Question

我目前正在使用TensorFlow的Python API开发一个音频分类器，使用UrbanSound8K数据集，从每个文件中精确收集176400个数据点，并尝试区分10个互斥类。

我已经为卷积神经网络调整了这个示例代码： https://www.tensorflow.org/get_started/mnist/pros

不幸的是，我收到以下错误：

Traceback (most recent call last):
  ...
tensorflow.python.framework.errors_impl.InvalidArgumentError: logits and labels must have the same first dimension, got logits shape [7000,10] and labels shape [10]
     [[Node: xent/SparseSoftmaxCrossEntropyWithLogits/SparseSoftmaxCrossEntropyWithLogits = SparseSoftmaxCrossEntropyWithLogits[T=DT_FLOAT, Tlabels=DT_INT64, _device="/job:localhost/replica:0/task:0/gpu:0"](read/add, _recv_y_0/_9)]]

During handling of the above exception, another exception occurred:

Traceback (most recent call last):
  File "urban-cnn.py", line 124, in <module>
    sess.run(optimizer, feed_dict={x: batch_x, y: batch_y, keep_prob: .5})
  ...
tensorflow.python.framework.errors_impl.InvalidArgumentError: logits and labels must have the same first dimension, got logits shape [7000,10] and labels shape [10]
     [[Node: xent/SparseSoftmaxCrossEntropyWithLogits/SparseSoftmaxCrossEntropyWithLogits = SparseSoftmaxCrossEntropyWithLogits[T=DT_FLOAT, Tlabels=DT_INT64, _device="/job:localhost/replica:0/task:0/gpu:0"](read/add, _recv_y_0/_9)]]

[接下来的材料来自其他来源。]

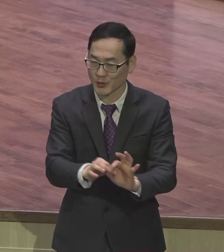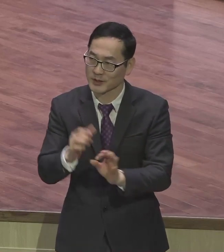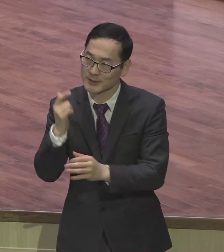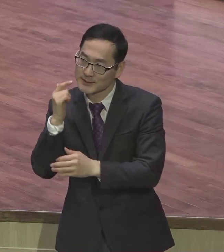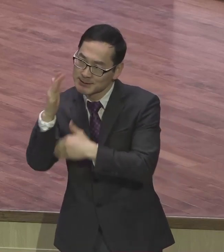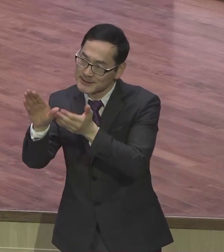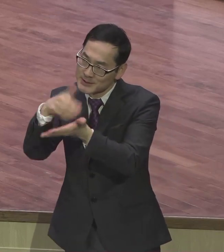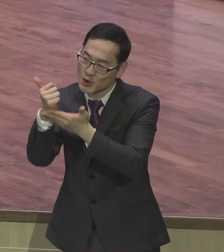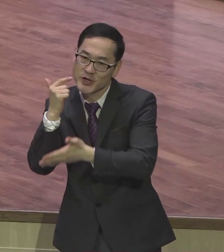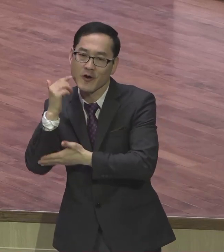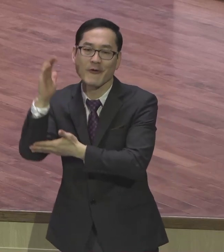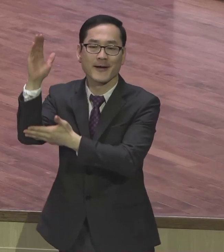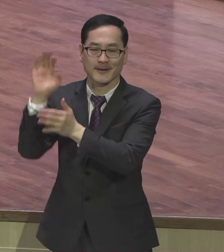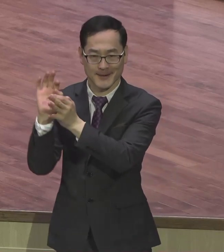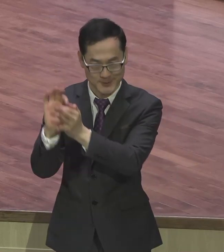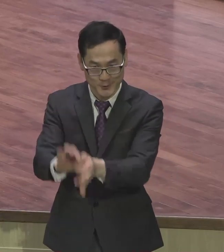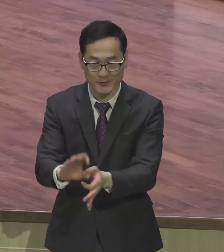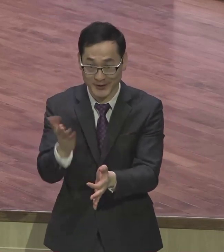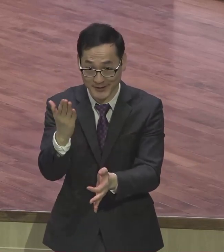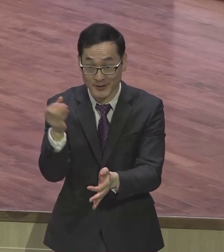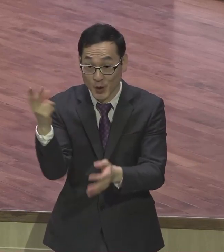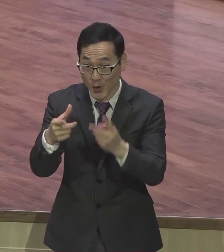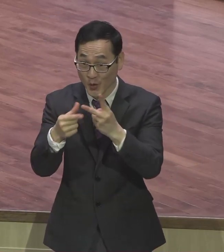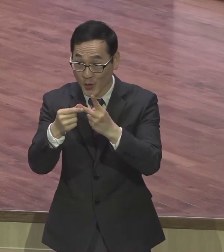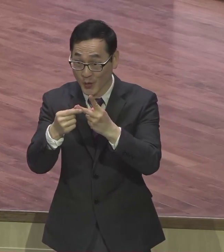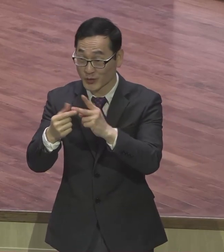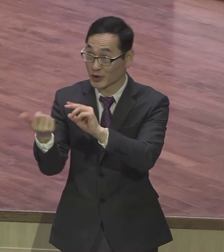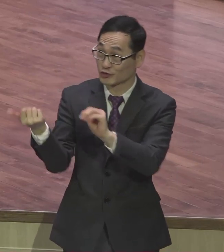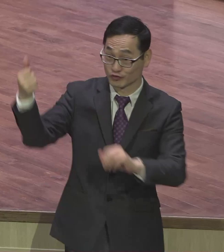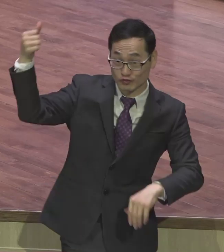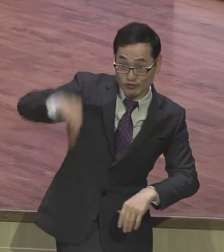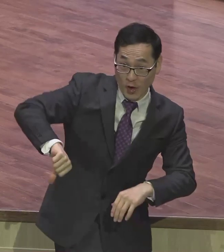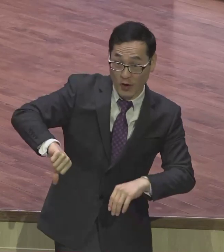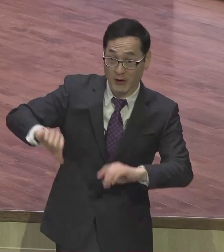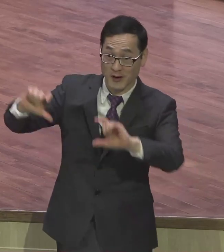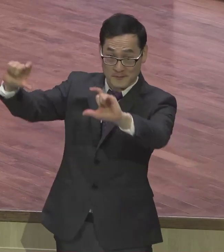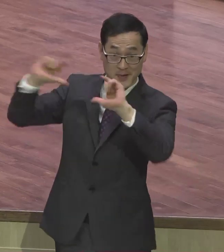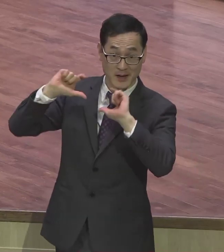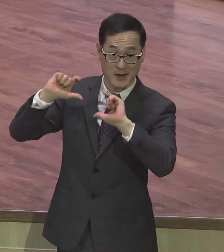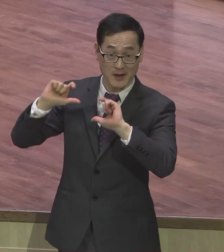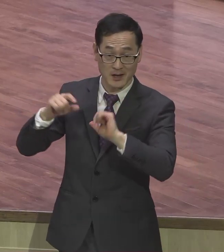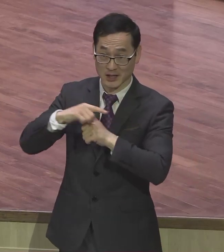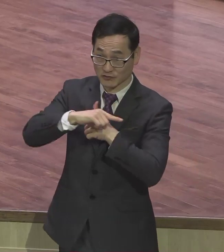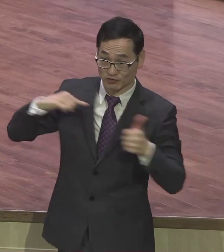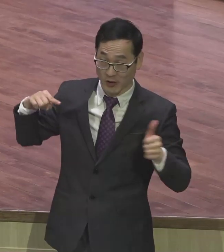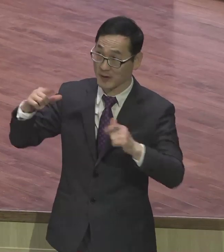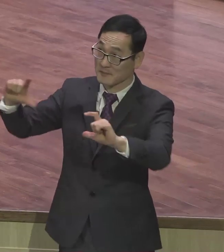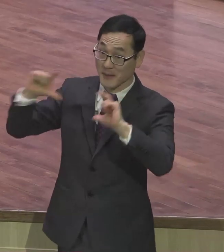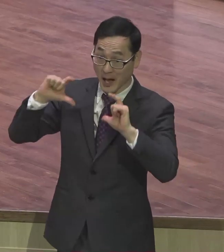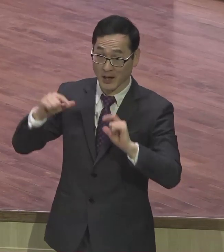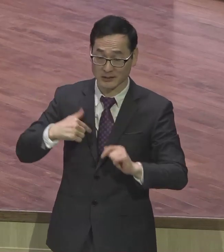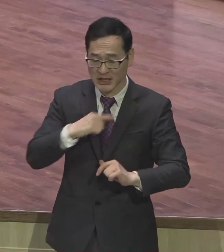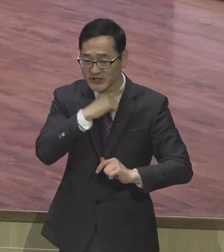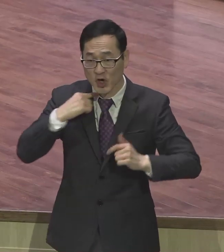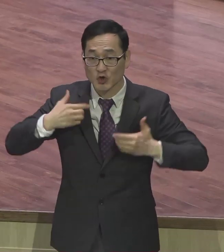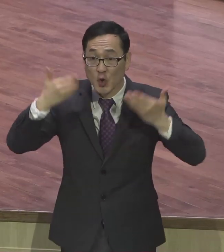또 다른 한편으로 사형이 선고되면 사형이 선고되면 순교를 통해서 그리스도를

Caused by op 'xent/SparseSoftmaxCrossEntropyWithLogits/SparseSoftmaxCrossEntropyWithLogits', defined at:
  File "urban-cnn.py", line 102, in <module>
    xent = tf.reduce_mean(tf.nn.sparse_softmax_cross_entropy_with_logits(labels=y, logits=y_conv), name="xent")
  ...

InvalidArgumentError (see above for traceback): logits and labels must have the same first dimension, got logits shape [7000,10] and labels shape [10]
     [[Node: xent/SparseSoftmaxCrossEntropyWithLogits/SparseSoftmaxCrossEntropyWithLogits = SparseSoftmaxCrossEntropyWithLogits[T=DT_FLOAT, Tlabels=DT_INT64, _device="/job:localhost/replica:0/task:0/gpu:0"](read/add, _recv_y_0/_9)]]

以下是代码的略微编辑版本：

import tensorflow as tf
import soundfile as sfx
import numpy as np
import math
import glob

batch_size = 10
n_epochs = 10

input_width = 176400

n_labels = 10

widths = [5, 5, 7]
channels = [1, 8, 64, 512, n_labels]

learning_rate = 1e-4

def load_data():
    data_x = []
    data_y = []

    for path in glob.glob("./UrbanSound8K/audio/fold1/*.wav"):
        name = path.split("/")[-1].split(".")[0]
        x, sample_rate = sfx.read(path, frames=input_width, fill_value=0.)
        y = int(name.split("-")[1])

        if x.ndim > 1:
            x = x.take(0, axis=1)

        data_x.append(x)
        data_y.append(y)

    return data_x, data_y

data_x, data_y = load_data()
data_split = int(len(data_x) * .9)

train_x = data_x[:data_split]
train_y = data_y[:data_split]

test_x = data_x[data_split:]
test_y = data_y[data_split:]

x = tf.placeholder(tf.float32, [None, input_width], name="x")
y = tf.placeholder(tf.int64, [None], name="y")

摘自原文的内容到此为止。